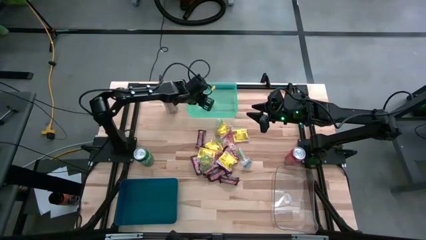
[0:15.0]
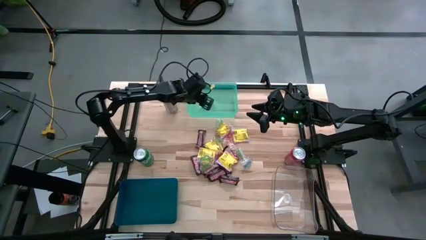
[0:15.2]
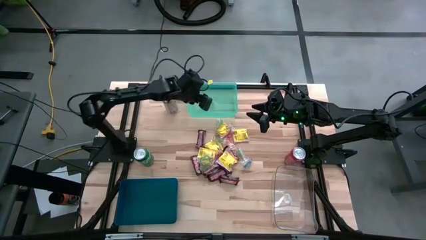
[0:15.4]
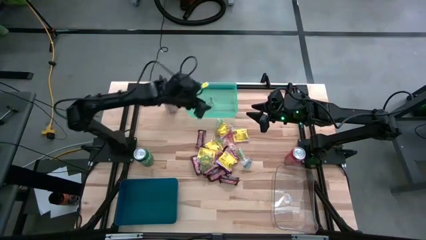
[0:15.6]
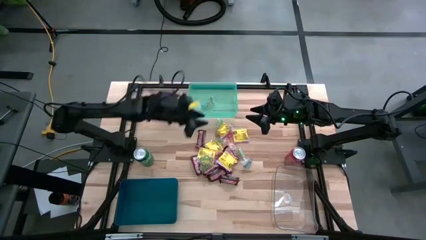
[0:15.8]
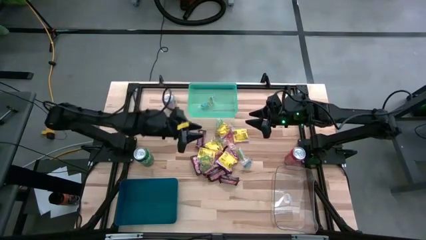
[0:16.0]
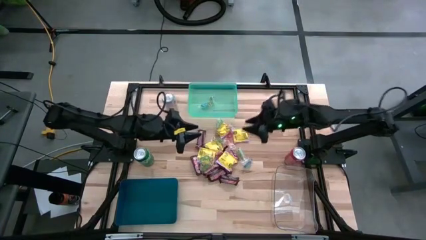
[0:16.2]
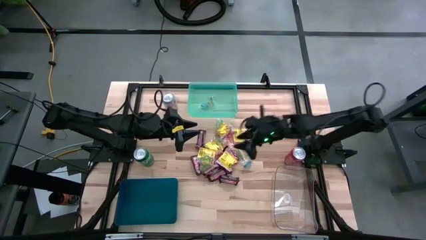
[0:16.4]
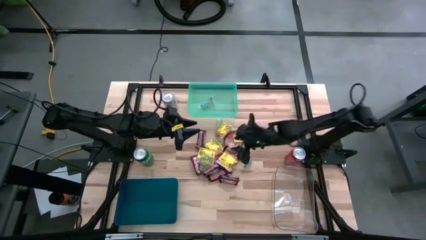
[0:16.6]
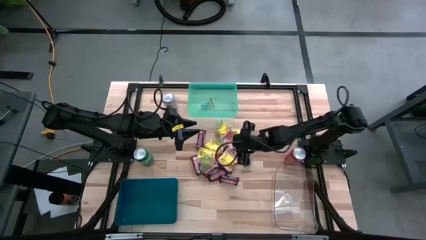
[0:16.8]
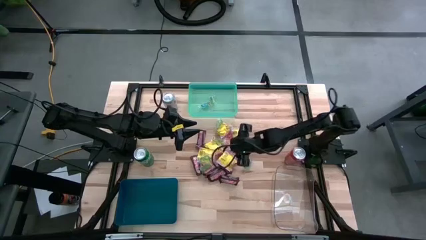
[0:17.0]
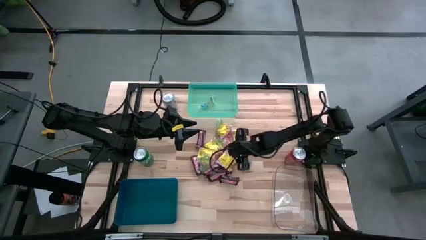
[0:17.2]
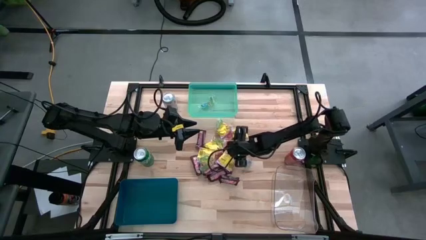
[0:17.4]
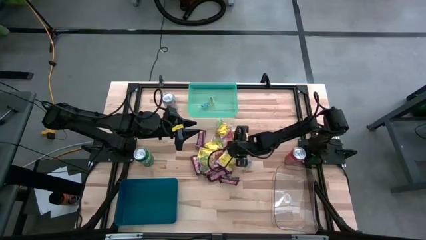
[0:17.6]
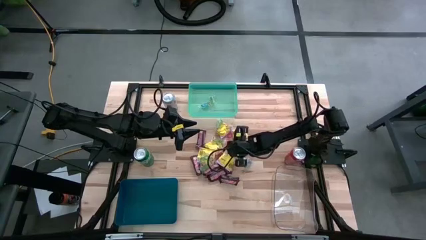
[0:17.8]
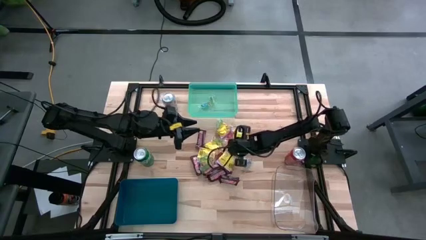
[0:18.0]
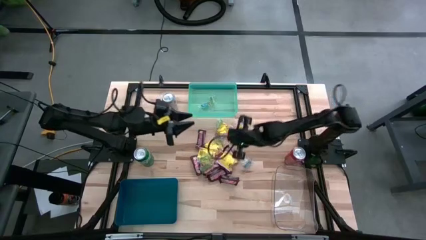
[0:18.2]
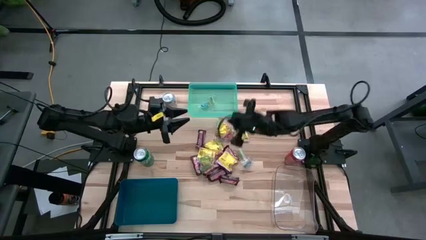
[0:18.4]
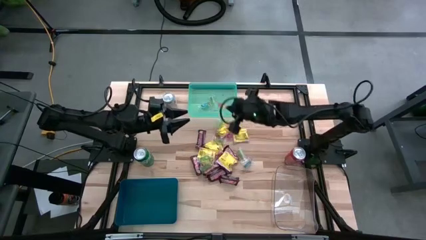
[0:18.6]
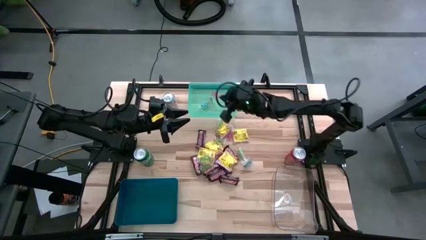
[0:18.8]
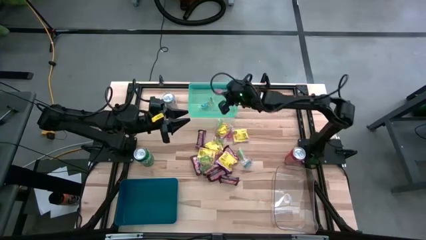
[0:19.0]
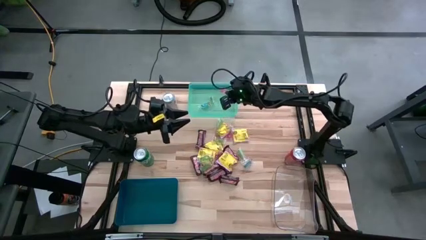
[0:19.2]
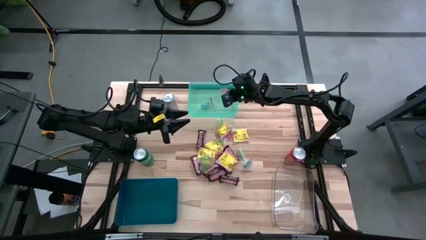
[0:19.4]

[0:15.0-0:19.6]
☆ ☆ ☆ ☆
Pictures stay out; reproduce every line of the records exactly.

[0:15.0]
[0:15.2]
[0:15.4]
[0:15.6]
[0:15.8]
[0:16.0]
[0:16.2]
[0:16.4]
[0:16.6]
[0:16.8]
[0:17.0]
[0:17.2]
[0:17.4]
[0:17.6]
[0:17.8]
[0:18.0]
[0:18.2]
[0:18.4]
[0:18.6]
[0:18.8]
[0:19.0]
[0:19.2]
[0:19.4]

[0:15.0-0:19.6]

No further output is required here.